**Problem:**
When you return the data, keep every line exactly as it is and leave out the pictures.

**Information supplied:**
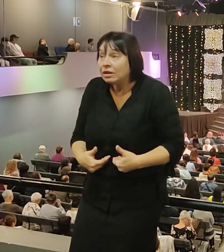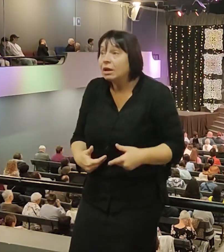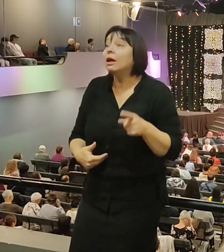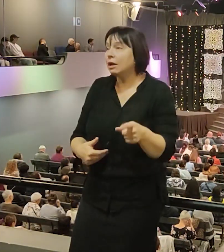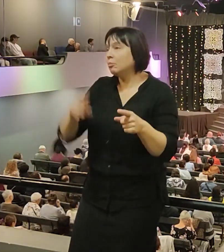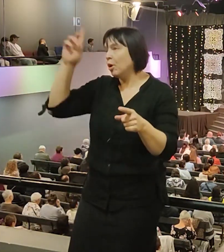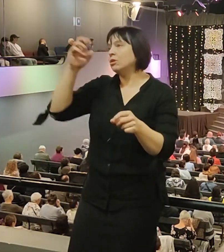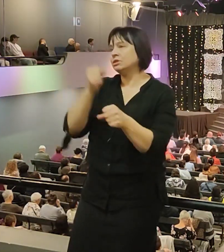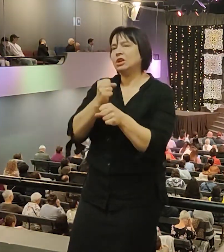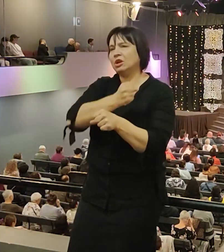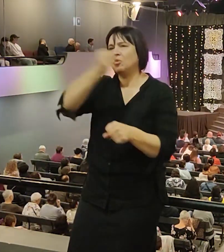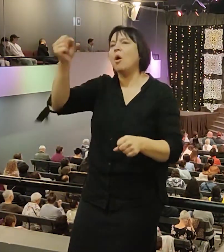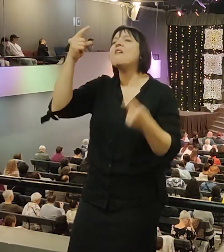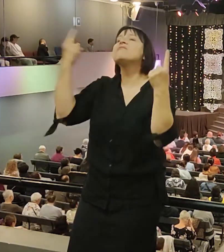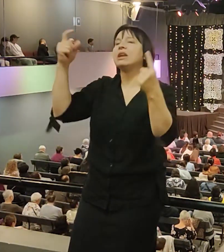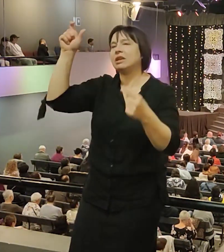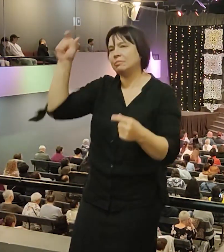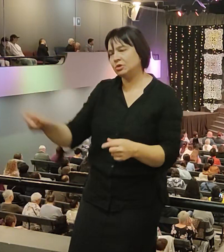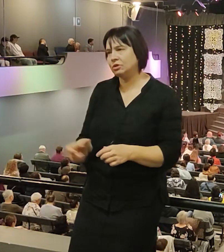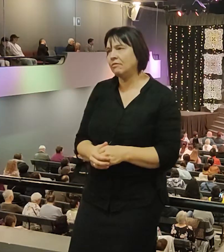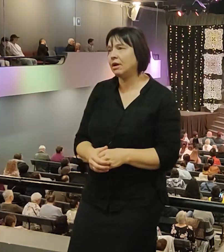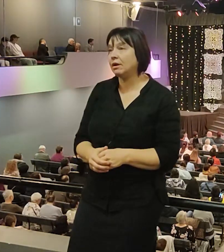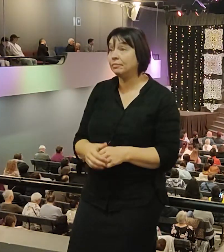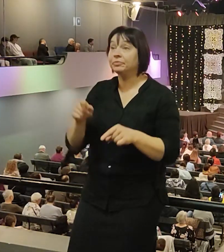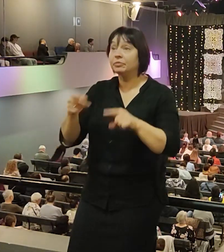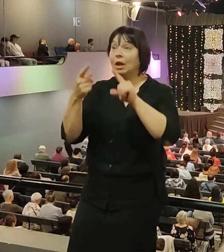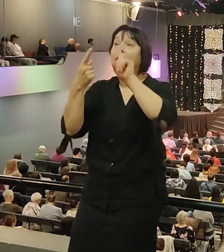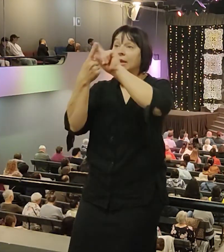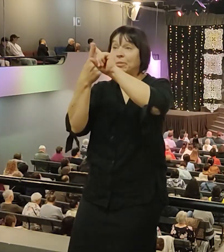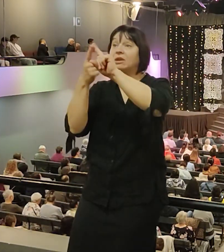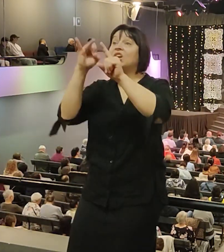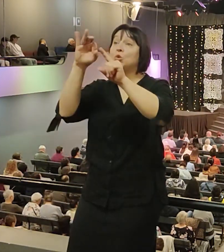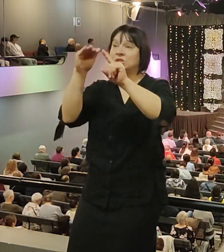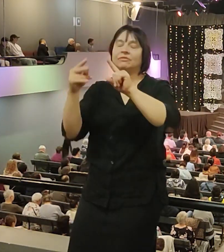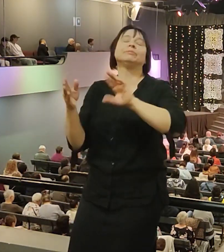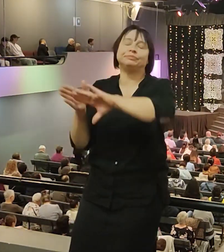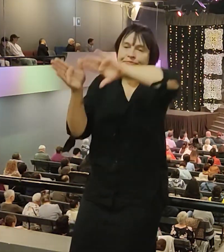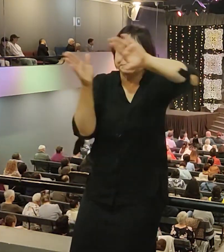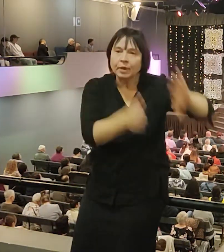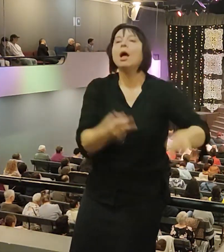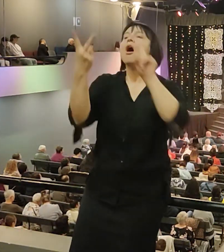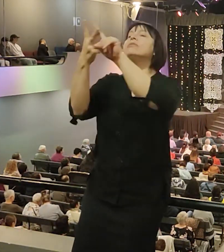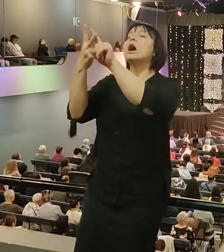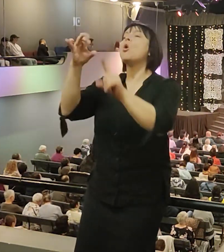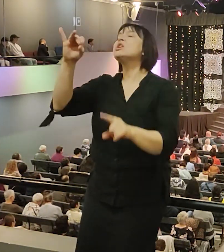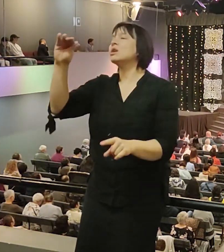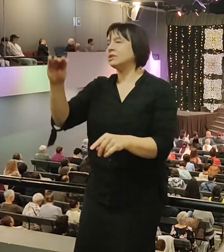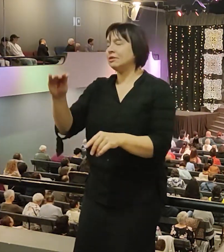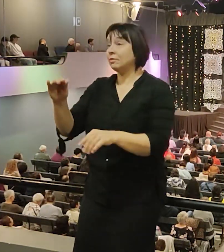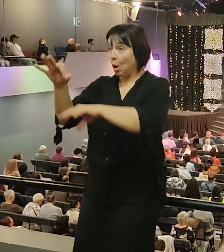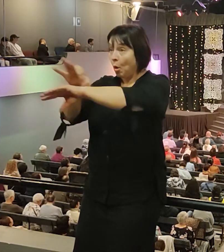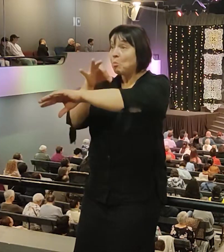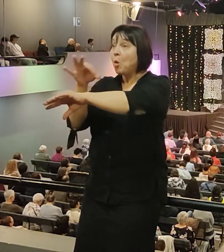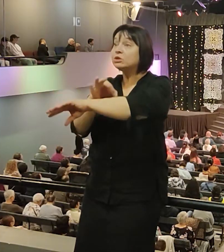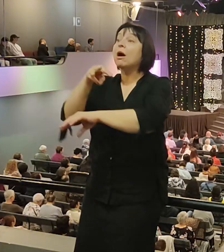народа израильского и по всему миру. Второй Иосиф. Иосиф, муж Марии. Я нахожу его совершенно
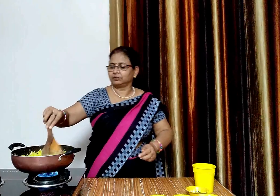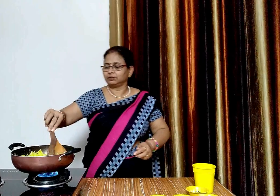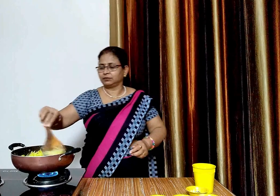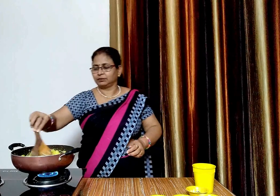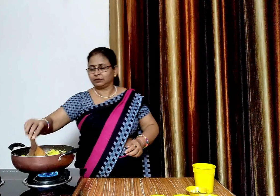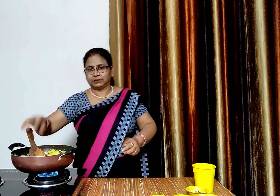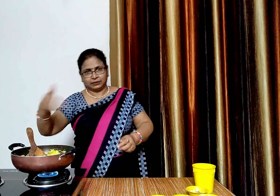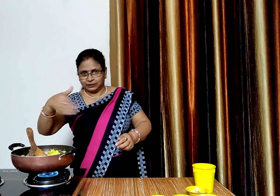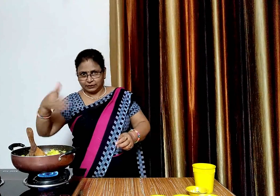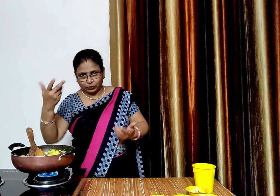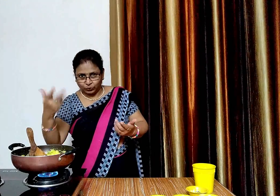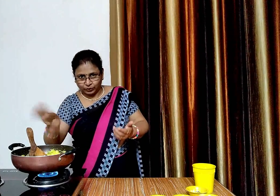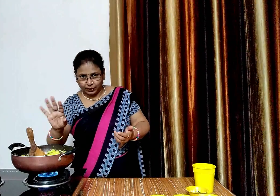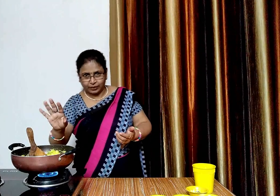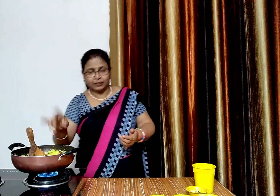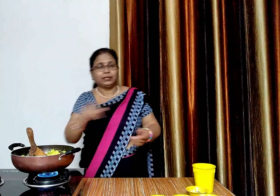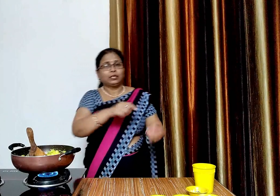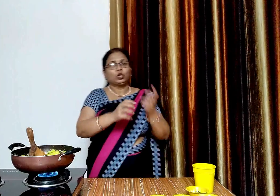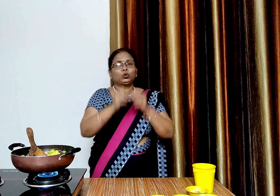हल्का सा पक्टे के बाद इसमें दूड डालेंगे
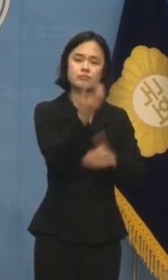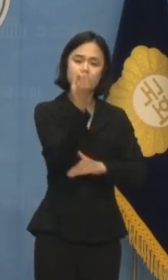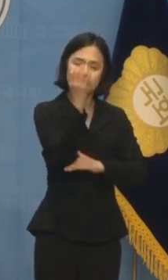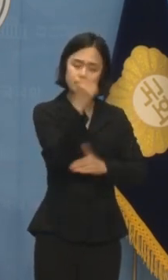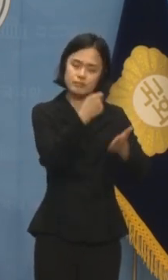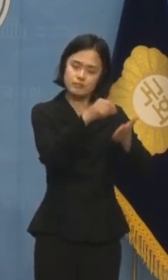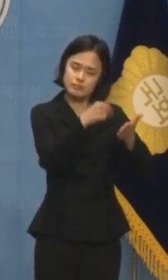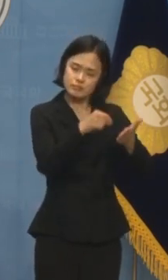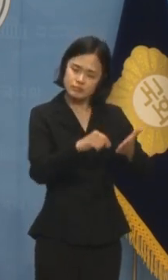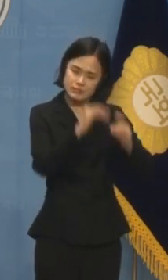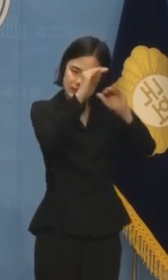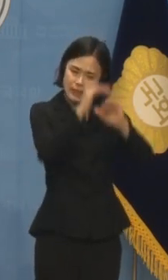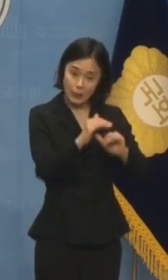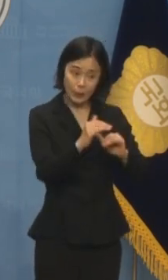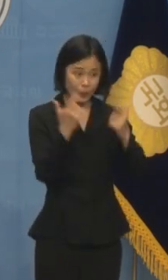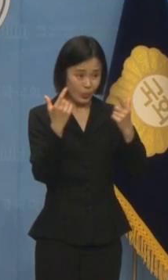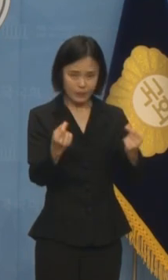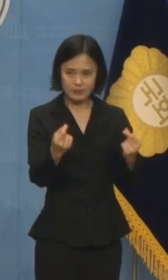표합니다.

**Response:**
народа израильского и по всему миру. Второй Иосиф. Иосиф, муж Марии. Я нахожу его совершенно
हल्का सा पक्टे के बाद इसमें दूड डालेंगे
표합니다.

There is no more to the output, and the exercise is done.